Revenons au domestique, et plus spécialement à Tozeur où l’on parle d’un nouveau programme de soutien de la part du ministère du Tourisme. La ligne Tunis-Tozeur n’est-elle pas l’exemple des efforts qui vous restent à fournir en termes de nombre de vols et d’horaires ?
Nous venons d’avoir hier [le 1er octobre] une réunion avec le ministère du Tourisme et la FTAV au sujet du développement du tourisme intérieur. Un budget de 1 million de dinars disponible au sein du FODEC y sera consacré. Il est question de reconduire l’opération de l’année dernière avec des vols supplémentaires d’octobre à décembre ; il est également projeté par les agences le lancement de packages weed-end sur Tozeur avec un départ le vendredi après-midi et un retour le dimanche après-midi. Aujourd’hui, nous n’avons pas de vol l’après-midi, nos vols sont conçus pour permettre à des touristes de rejoindre leurs vols internationaux ; mais nous sommes prêts à mettre un vol spécial adapté au tourisme.
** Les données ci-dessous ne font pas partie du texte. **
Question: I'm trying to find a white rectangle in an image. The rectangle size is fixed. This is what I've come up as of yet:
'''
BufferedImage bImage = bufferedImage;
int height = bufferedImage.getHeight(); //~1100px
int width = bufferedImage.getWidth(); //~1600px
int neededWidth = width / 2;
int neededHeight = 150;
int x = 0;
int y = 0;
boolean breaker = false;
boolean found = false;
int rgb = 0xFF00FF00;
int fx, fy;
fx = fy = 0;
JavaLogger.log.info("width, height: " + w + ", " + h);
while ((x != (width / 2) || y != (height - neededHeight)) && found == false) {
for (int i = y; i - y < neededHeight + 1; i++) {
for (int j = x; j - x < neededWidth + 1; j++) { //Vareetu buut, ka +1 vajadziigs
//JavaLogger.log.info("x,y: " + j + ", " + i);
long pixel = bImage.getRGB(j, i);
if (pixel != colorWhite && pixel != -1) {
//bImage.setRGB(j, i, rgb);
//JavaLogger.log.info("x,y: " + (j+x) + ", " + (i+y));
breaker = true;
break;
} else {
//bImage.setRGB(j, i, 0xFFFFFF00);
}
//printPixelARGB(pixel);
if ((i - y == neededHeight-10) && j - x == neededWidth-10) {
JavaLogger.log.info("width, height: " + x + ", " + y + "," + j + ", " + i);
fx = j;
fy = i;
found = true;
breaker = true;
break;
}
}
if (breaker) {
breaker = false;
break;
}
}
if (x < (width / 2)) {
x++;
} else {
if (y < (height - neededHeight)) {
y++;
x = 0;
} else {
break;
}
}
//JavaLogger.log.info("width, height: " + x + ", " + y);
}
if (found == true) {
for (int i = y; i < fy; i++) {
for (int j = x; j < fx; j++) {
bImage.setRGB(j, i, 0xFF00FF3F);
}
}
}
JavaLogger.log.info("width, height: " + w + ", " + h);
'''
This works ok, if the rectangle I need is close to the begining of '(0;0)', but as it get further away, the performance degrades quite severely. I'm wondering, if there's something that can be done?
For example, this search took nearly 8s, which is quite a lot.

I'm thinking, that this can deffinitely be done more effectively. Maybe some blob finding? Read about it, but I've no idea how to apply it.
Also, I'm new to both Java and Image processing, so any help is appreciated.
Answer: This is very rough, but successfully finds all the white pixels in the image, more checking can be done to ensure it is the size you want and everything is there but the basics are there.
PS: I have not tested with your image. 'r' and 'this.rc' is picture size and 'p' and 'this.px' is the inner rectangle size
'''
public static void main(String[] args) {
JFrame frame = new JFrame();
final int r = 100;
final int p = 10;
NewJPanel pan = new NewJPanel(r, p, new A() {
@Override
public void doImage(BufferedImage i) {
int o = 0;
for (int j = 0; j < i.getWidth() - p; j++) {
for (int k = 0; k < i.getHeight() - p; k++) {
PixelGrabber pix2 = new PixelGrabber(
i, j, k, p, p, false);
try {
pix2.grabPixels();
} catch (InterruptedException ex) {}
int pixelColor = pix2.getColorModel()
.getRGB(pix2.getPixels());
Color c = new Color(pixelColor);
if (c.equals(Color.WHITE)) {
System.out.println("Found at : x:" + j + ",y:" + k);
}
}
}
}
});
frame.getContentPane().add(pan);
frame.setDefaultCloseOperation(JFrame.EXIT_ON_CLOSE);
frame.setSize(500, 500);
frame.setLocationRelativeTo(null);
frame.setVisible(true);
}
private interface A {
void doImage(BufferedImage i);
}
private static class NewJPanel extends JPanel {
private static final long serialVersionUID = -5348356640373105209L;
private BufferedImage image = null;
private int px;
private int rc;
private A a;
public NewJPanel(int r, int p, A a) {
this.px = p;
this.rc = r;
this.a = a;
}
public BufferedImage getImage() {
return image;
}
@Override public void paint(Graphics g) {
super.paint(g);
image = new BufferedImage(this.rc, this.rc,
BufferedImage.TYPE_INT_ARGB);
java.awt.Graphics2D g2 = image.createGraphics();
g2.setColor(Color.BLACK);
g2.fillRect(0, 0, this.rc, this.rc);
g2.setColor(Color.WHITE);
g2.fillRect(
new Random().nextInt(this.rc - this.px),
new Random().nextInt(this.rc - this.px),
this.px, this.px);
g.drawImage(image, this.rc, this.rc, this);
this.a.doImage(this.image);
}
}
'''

Qui, de vous ou des agences de voyages, le FODEC va-t-il subventionner ?
C’est l’un ou l’autre, la question est à l’étude pour déterminer la formule la plus incitative pour le touriste potentiel. Pour nous, soit nous mettrons à la disposition des agences un vol qu’ils nous paieront au prix charter, soit nous mettrons nous-mêmes en place un vol avec le soutien du FODEC. En tout état de cause, nous ne pouvons nous permettre de programmer ce vol par nous-mêmes sur une ligne qui est déjà déficitaire.
Il est question pour certaines agences de voyages de négocier avec vous des blocs sièges à l’année sur le vol de Tozeur. Comment jugez-vous cette initiative ?
Pour nous, c’est une idée très intéressante. Nous avons confirmé aux agences de voyages qu’elles peuvent soit mettre en place des packages pour octobre-novembre avec le soutien du FODEC, soit opter pour des blocs sièges à l’année que nous leur céderons à des prix préférentiels. Notre flexibilité tarifaire est justifiée par la clientèle additionnelle qu’apporteront ces agences.
A-t-il été aussi question de Tabarka ?
Non, Tabarka n’a pas été évoquée lors de cette réunion.